Re: [RFC 1/2] mm, slub: prevent kmalloc_node crashes and memory leaks
From: Vlastimil Babka <hidden>
Date: 2020-03-18 16:51:46
Also in:
linux-mm
Subsystem:
memory management, slab allocator, the rest · Maintainers:
Andrew Morton, Vlastimil Babka, Harry Yoo, Linus Torvalds
On 3/18/20 5:06 PM, Bharata B Rao wrote:
quoted
@@ -2568,12 +2566,15 @@ static void *___slab_alloc(struct kmem_cache *s, gfp_t gfpflags, int node, redo: if (unlikely(!node_match(page, node))) { - int searchnode = node; - - if (node != NUMA_NO_NODE && !node_present_pages(node)) - searchnode = node_to_mem_node(node); - - if (unlikely(!node_match(page, searchnode))) { + /* + * node_match() false implies node != NUMA_NO_NODE + * but if the node is not online or has no pages, just + * ignore the constraint + */ + if ((!node_online(node) || !node_present_pages(node))) { + node = NUMA_NO_NODE; + goto redo;Many calls for allocating slab object from memory-less node 0 in my case don't even hit the above check because they get short circuited by goto new_slab label which is present a few lines above. Hence I don't see any reduction in the amount of slab memory with this fix. Regards, Bharata.

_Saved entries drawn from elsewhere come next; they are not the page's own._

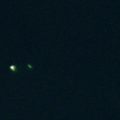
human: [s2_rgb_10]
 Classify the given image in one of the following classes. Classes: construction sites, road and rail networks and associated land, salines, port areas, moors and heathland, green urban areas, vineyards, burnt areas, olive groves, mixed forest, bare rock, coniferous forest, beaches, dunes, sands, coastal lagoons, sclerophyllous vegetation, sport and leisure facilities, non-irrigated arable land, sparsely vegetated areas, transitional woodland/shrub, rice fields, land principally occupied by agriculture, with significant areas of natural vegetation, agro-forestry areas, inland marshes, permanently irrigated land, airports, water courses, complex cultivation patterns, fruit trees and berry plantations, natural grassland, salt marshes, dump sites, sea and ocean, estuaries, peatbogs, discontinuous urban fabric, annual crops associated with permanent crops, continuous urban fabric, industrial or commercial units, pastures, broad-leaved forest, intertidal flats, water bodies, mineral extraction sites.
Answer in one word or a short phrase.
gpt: sea and ocean
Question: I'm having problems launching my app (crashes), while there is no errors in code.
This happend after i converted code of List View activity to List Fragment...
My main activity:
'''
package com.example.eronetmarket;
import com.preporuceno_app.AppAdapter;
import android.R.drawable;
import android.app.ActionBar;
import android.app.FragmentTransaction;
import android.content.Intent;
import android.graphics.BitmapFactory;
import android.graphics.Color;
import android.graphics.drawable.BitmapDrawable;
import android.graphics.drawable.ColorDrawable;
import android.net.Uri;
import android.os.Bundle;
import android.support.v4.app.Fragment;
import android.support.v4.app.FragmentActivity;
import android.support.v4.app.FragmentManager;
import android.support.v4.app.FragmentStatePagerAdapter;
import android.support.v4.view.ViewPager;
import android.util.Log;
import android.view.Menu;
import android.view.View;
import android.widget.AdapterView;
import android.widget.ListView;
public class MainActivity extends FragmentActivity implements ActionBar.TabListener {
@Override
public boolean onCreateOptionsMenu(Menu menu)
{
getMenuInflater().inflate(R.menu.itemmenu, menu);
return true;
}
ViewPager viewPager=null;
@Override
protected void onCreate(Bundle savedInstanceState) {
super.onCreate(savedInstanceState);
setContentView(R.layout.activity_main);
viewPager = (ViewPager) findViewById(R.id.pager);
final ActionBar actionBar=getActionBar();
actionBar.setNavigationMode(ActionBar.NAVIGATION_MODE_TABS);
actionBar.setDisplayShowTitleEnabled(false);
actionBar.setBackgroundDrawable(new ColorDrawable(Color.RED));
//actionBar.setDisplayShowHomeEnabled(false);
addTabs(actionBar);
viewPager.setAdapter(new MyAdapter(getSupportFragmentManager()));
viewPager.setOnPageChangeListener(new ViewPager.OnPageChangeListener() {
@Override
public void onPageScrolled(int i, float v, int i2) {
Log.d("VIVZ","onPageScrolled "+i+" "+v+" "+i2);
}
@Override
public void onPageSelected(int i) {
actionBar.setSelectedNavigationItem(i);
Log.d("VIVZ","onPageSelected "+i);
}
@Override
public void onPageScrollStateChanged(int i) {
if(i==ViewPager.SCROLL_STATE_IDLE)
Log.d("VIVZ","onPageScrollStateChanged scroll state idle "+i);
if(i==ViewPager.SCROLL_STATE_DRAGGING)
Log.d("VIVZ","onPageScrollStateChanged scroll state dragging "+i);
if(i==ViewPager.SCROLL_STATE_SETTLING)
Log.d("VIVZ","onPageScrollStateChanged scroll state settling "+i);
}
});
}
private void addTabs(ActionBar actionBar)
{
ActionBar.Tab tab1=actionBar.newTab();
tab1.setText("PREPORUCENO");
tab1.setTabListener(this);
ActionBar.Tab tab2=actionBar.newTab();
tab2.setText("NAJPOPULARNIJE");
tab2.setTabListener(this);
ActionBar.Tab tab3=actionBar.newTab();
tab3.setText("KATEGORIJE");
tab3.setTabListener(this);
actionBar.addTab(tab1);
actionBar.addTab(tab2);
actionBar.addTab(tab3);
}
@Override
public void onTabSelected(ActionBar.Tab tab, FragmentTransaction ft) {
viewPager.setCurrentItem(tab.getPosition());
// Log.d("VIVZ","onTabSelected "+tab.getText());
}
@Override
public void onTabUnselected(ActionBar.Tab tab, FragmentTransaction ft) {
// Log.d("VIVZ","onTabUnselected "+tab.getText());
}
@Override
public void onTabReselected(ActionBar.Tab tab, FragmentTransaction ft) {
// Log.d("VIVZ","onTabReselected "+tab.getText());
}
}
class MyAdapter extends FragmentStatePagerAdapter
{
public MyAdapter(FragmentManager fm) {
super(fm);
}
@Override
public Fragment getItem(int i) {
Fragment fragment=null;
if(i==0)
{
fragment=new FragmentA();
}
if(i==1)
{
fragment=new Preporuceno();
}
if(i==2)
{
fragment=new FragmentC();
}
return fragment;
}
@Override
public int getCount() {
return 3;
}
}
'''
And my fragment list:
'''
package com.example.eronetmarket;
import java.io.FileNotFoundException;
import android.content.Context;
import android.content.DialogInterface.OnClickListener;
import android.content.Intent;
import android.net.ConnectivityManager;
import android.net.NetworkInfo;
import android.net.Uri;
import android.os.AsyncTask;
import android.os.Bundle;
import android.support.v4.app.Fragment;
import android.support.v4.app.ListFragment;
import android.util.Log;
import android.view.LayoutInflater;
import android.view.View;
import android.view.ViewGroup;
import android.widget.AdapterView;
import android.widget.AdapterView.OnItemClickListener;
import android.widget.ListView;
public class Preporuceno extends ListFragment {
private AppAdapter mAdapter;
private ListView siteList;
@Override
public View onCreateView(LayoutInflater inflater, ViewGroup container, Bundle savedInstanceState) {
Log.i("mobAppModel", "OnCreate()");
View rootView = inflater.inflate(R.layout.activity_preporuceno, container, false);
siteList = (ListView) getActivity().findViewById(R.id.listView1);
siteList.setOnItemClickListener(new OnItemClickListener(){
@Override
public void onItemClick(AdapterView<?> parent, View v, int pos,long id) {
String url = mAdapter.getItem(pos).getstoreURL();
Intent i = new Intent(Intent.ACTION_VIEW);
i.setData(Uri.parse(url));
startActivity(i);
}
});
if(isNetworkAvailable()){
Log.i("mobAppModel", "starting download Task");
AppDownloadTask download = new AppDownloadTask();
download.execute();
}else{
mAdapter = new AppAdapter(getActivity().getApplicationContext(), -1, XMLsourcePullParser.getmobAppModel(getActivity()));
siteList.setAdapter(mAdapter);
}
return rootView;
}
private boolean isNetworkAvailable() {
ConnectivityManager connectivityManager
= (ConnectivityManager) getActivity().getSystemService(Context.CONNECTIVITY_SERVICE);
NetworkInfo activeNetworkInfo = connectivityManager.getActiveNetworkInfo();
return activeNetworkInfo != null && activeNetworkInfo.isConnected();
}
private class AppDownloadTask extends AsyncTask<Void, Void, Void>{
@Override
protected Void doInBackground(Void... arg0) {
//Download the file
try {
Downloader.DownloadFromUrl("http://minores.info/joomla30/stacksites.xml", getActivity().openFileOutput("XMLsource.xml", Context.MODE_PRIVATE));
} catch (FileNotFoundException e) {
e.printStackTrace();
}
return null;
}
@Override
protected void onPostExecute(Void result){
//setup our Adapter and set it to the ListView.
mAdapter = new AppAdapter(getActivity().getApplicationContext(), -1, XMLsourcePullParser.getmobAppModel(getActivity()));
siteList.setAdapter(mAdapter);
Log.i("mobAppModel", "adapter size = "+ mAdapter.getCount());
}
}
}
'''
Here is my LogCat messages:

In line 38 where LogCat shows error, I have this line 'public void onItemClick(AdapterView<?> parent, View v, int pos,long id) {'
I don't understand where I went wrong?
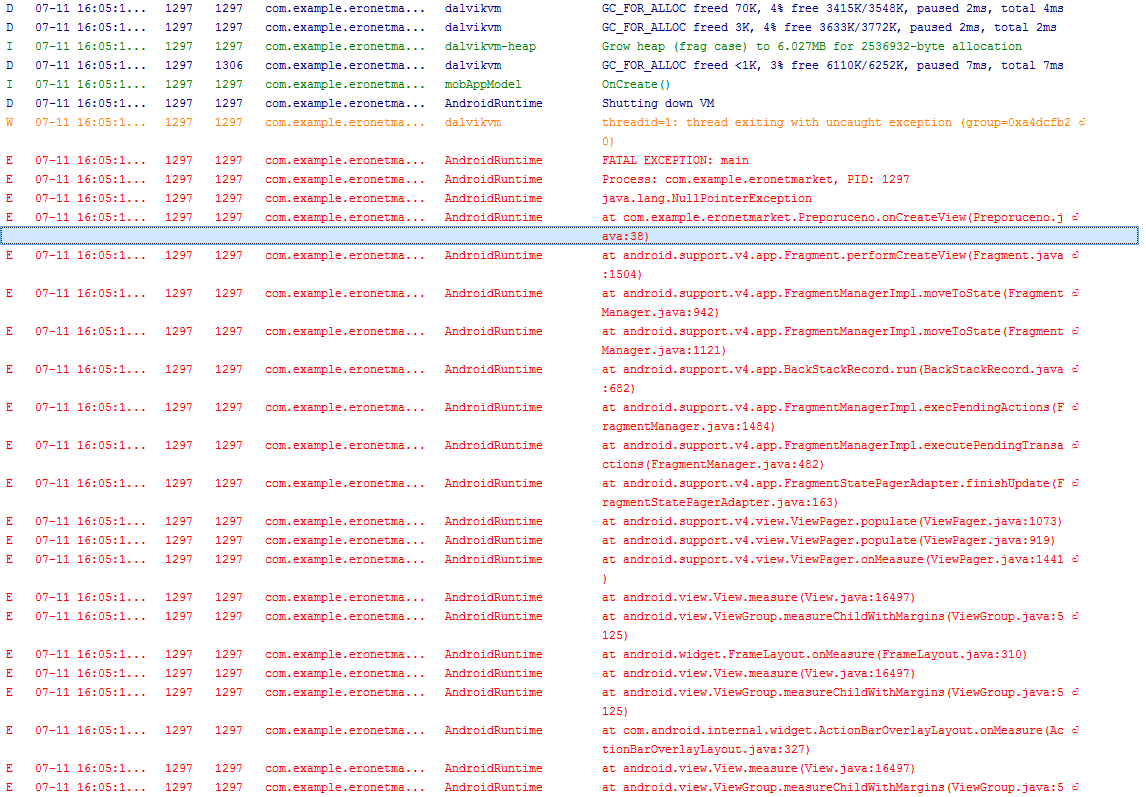
Answer: Change this
'''
siteList = (ListView) getActivity().findViewById(R.id.listView1);
'''
to
'''
siteList = (ListView) rootView.findViewById(R.id.listView1);
'''
The view belongs to the inflated layout and you need to use the view object to initialize views.
> java.lang.RuntimeException: Your content must have a ListView whose
id attribute is 'android.R.id.list'
ListActivity or ListFragment will have listview which occuppies the entire screen. If you want to have other views in the layout then your layout must have listview with id andorid.R.id.list
<URL>
QUoting docs
> ListFragment has a default layout that consists of a single list view.
However, if you desire, you can customize the fragment layout by
returning your own view hierarchy from onCreateView(LayoutInflater,
ViewGroup, Bundle). To do this, your view hierarchy must contain a
ListView object with the id "@android:id/list" (or list if it's in
code)

OK how about this version? It's somewhat ugly, but important is that the fast
path case (c->page exists) is unaffected and another common case (c->page is
NULL, but node is NUMA_NO_NODE) is just one extra check - impossible to avoid at
some point anyway.
----8<----
From d1675363c2ddc3758e5c0d0f435ca46818219194 Mon Sep 17 00:00:00 2001
From: Vlastimil Babka <redacted>
Date: Wed, 18 Mar 2020 14:47:33 +0100
Subject: [RFC 1/2] mm, slub: prevent kmalloc_node crashes and memory leaks
Sachin reports [1] a crash in SLUB __slab_alloc():
BUG: Kernel NULL pointer dereference on read at 0x000073b0
Faulting instruction address: 0xc0000000003d55f4
Oops: Kernel access of bad area, sig: 11 [#1]
LE PAGE_SIZE=64K MMU=Hash SMP NR_CPUS=2048 NUMA pSeries
Modules linked in:
CPU: 19 PID: 1 Comm: systemd Not tainted 5.6.0-rc2-next-20200218-autotest #1
NIP: c0000000003d55f4 LR: c0000000003d5b94 CTR: 0000000000000000
REGS: c0000008b37836d0 TRAP: 0300 Not tainted (5.6.0-rc2-next-20200218-autotest)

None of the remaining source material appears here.